Delays and increased costs at former Carillion projects

A National Audit Office (NAO) report published on 17 January reveals that the two PFI hospitals Carillion was building at the time of its collapse – the Royal Liverpool University Hospital, and the Midland Metropolitan Hospital – are currently due for completion over five years, and nearly four years late, respectively.

However, says the report, Investigation into the ‘rescue’ of Carillion’s PFI hospital contracts, the government has ensured that most of the increased construction costs to date have been borne by the private PFI investors and Carillion, rather than the taxpayer.

The 646-bed Royal Liverpool, originally due to open in June 2017, is now forecast for completion over five years late, in autumn 2022, with the Liverpool University Hospitals NHS Foundation Trust having not yet set an opening date. The hospital is now predicted to cost over £1 bn to build and run, compared with the original £746 m – of which the taxpayer is expected to pay £739 m, a 1% reduction from the amount originally planned.

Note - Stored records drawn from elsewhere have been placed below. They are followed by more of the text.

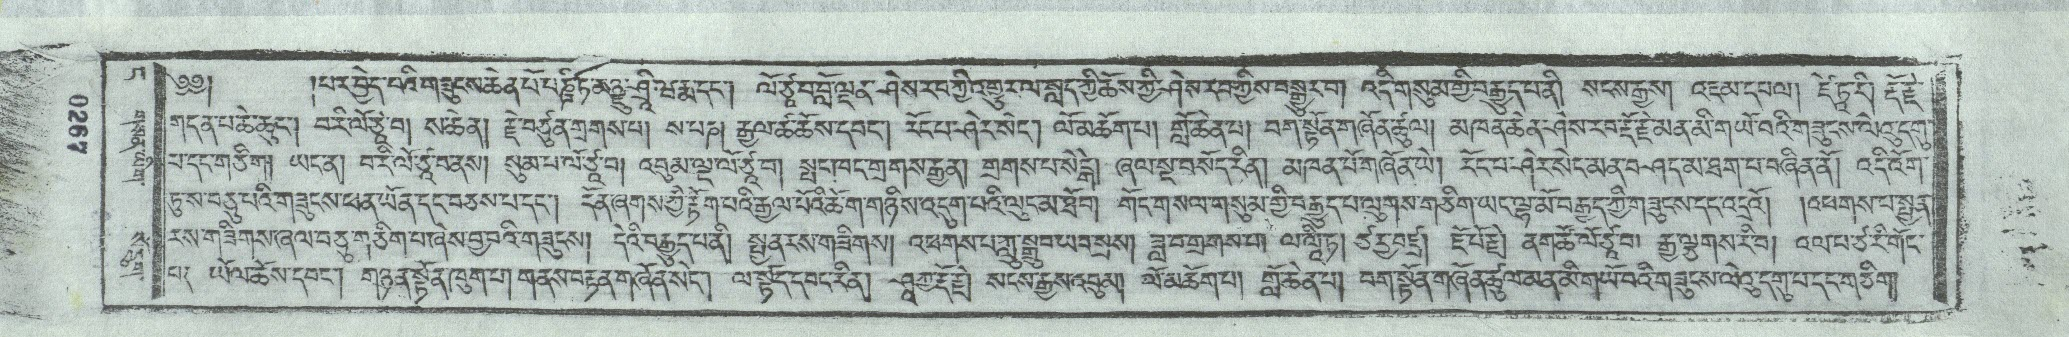༄༅། །པར་བྱེད་པའི་གཟུངས་ཆེན་པོ་པཎྜི་ཏ་མཉཛུ་ཤྲཱི་ཝ་རྨ་དང་། ལོ་ཙཱ་བ་བློ་ལྡན་ཤེས་རབ་ཀྱི་འགྱུར་ལ་སླད་ཀྱི་ཆོས་ཀྱི་ཤེས་རབ་ཀྱིས་བསྒྱུར་བ། འདི་གསུམ་གྱི་བརྒྱུད་བ་ནི། སངས་རྒྱས། འཇམ་དཔལ། ཛེ་ཏཱ་རི། རྡོ་རྗེ་
གདན་པ་ཆེ་ཆུང་། བ་རི་ལོ་ཙཱ་བ། ས་ཆེན། རྗེ་བཙུན་གྲགས་པ། ས་པཎ། རྒྱལ་ཚ་ཆོས་དབང་། རོང་པ་ཤེར་སེང་། ལོ་མཆོག་པ། གློ་ཆེན་པ། བག་སྟོན་གཞོན་ཚུལ། མཁན་ཆེན་ཤེས་རབ་རྡོ་རྗེ་མན་མི་གཡོ་བའི་གཟུངས་ལེའུ་དགུ་
པ་དང་གཅིག། ཡང་ན། པ་རི་ལོ་ཙཱ་བ་ནས། སུམ་པ་ལོ་ཙཱ་པ། འབུམ་ལྔ་ལོ་ཙཱ་བ། སྤང་ཁང་གྲགས་རྒྱན། གྲགས་པ་སེངྒེ། ཞལ་སྔ་བསོད་རིན། མཁན་པོ་གཞོན་ཡེ། རོང་བ་ཤེར་སང་མན་བཤད་མ་ཐག་བ་བཞིན་ནོ། འདི་འོག་
ཏུ་ས་བཅུ་པའི་གཟུངས་ཕན་ཡོན་དང་བཅས་པ་དང་། དོན་ཞགས་ཀྱི་རྟོག་བའི་རྒྱལ་པོའི་ཆོ་ག་གཉིས་འདུག་པའི་ལུང་མ་ཐོབ། གོང་གསལ་གསུམ་གྱི་བརྒྱུད་པ་ལུགས་གཅིག་ཡང་ལྷ་མོ་བརྒྱད་ཀྱི་གཟུངས་དང་འདྲའོ། །འཕགས་པ་སྤྱན་
རས་གཟིགས་ཞལ་བཅུ་གཅིག་པ་ཞེས་བྱ་བའི་གཟུངས། དེའི་བརྒྱུད་པ་ནི། སྤྱན་རས་གཟིགས། འཕགས་པ་ཀླུ་སྒྲུབ་ཡབ་སྲས། ཟླ་བ་གྲགས་པ། ལ་ལའི་ཏ། ཙརྱ་བྫྲ། ཇོ་པོ་རྗེ། ནག་ཚོ་ལོ་ཙཱ་བ། རྒྱ་ལྕགས་རི་བ། འླ་པ་རྩ་རི་གོང་
བ༑ ཡོལ་ཆོས་དབང་། གཉན་སྟོན་ཁུག་པ། གནས་བརྟན་གཞོན་སེང་། ལ་སྟོད་དབང་རིན། ཤཱཀྱ་རྡོ་རྗེ། སངས་རྒྱས་འབུམ། ལོ་མཆོག་པ། གློ་ཆེན་པ། བག་སྟོན་གཞོན་ཚུལ་མན་མི་གཡོ་བའི་གཟུངས་ལེའུ་དགུ་པ་དང་གཅིག།

The 669-bed Midland Metropolitan, which was set to open in October 2018, should now open in July 2022, and cost at least £988 million to build and run – over £300 m more than the original £686 m – of which taxpayers are expected to pay £709 m, 3% up on the original figure. To date, shareholders, investors, insurers, and Carillion have lost ‘at least £603 m’ on the construction of both projects.

The full extent of construction problems at Royal Liverpool began emerging after Carillion collapsed, and during 2018. The new construction contractor has had to strip out three floors and start major work to reinforce the structure with steelwork and additional reinforced concrete.

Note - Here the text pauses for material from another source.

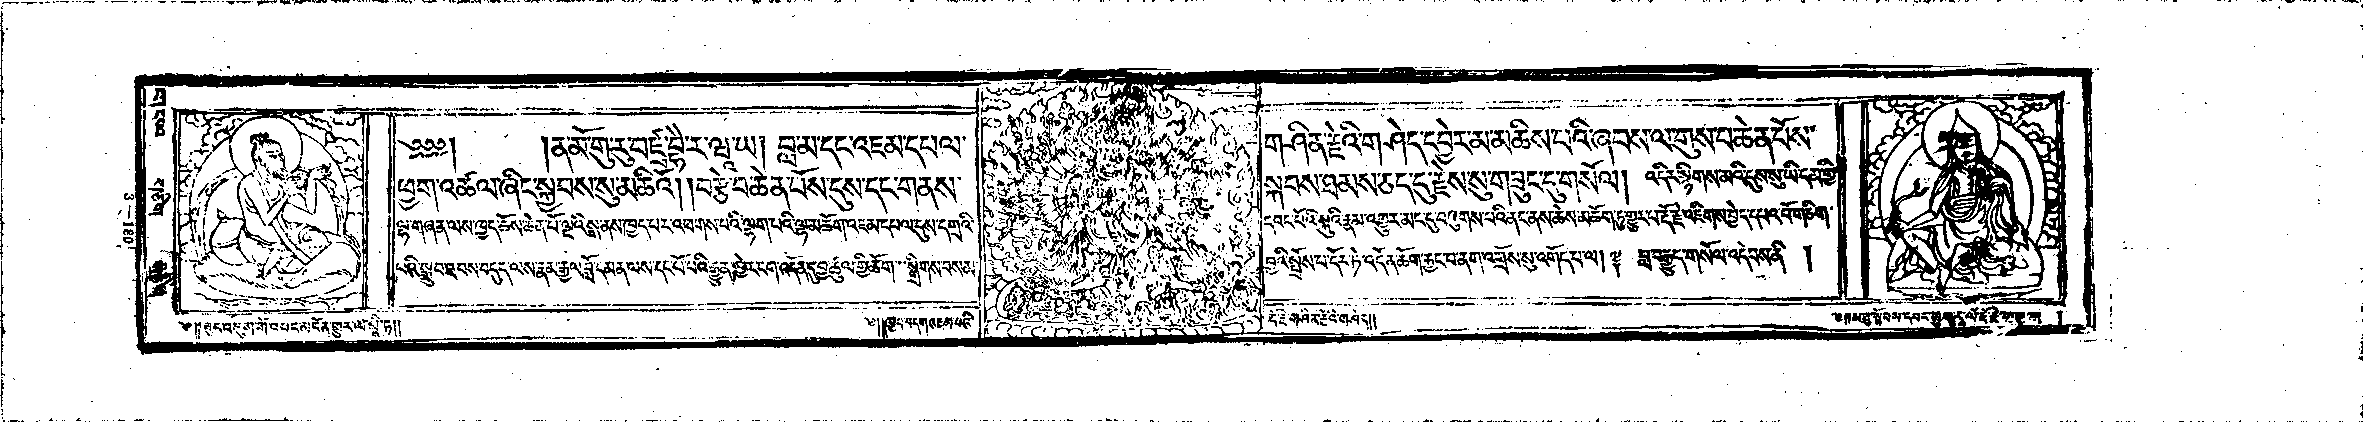]
ཕྱག་འཚལ་ཞིང་སྐྱབས་སུ་མཆིའོ། །བརྩེ་བ་ཆེན་པོས་དུས་དང་གནས་སྐབས་ཐམས་ཅད་དུ་རྗེས་སུ་གཟུང་དུ་གསོལ། འདིར་སྙིགས་མའི་དུས་སུ་ཡི་དམ་གྱི་
ལྷ་གཞན་ལས་ཁྱད་ཆོས་ཆེན་པོ་ལྔའི་སྒོ་ནས་ཁྱད་པར་འཐགས་པའི་ལྷག་པའི་ལྷ་མཆོག་འཇམ་དཔལ་དུས་དགྲའི་དབང་པོའི་སྐུའི་རྣམ་འགྱུར་མང་དུ་བཞུགས་པའི་ནང་ནས་ཆེས་མཆོག་ཏུ་གྱུར་པ་རྡོ་རྗེ་འཇིགས་བྱེད་དཔའ་བོ་གཅིག་
པའི་སྒྲུབ་ཐབས་བདུད་ལས་རྣམ་རྒྱལ་བློ་དམན་ལས་དང་པོ་པའི་རྒྱུན་ཕྱེར་ངག་འདོན་དུ་བྱ་ཚུལ་གྱི་ཆོ་ག་སྒྲིགས་བསམ་བྱའི་སྤྲོས་པ་དོར་ཏེ་འདོན་ཆོག་རྐྱང་པ་ནག་འགྲོས་སུ་འགོད་པ་ལ། ༈ བླ་བརྒྱུད་གསོལ་འདེབས་ནི་།

The Department of Health & Social Care (DHSC) paid £42 m in compensation to the Royal Liverpool’s investors to terminate the PFI contract, which required the Trust to pay compensation to the PFI company’s lenders, based largely on the estimated completion cost, before that actual cost was known. The NAO says that, had the Department and Trust better understood this cost, ‘they may not have paid anything to the lenders’.

The new suppliers for both the Trusts were chosen without competition. After the termination of the PFI contract, the Liverpool Trust agreed contracts with several new suppliers without a public procurement process so as to restart the Liverpool project without further delay, The Sandwell and West Birmingham Hospitals NHS Trust ran a 15-month-long public procurement for the contract to complete Midland Metropolitan, attracting just a single viable bidder.

The NAO says ‘there are significant risks of further delays and added costs’ at the hospitals, although ‘their situations are different’. Both Trusts are now directly managing the contracts with new construction firms. At Midland Metropolitan, the Sandwell Trust has negotiated a ‘target price’ for work by Balfour Beatty. The NAO maintains that ‘prices should not rise unless the Trust changes the project’s scope or there are unforeseen problems with Carillion’s work’. At the Royal Liverpool, new main contractor, Laing O’Rourke, ‘has no contractual incentives to control costs.’ NHS England and NHS Improvement have worked with the Liverpool Trust ‘to develop additional oversight arrangements’ – such as using an independent construction consultancy ‘to advise on the appropriateness of costs’.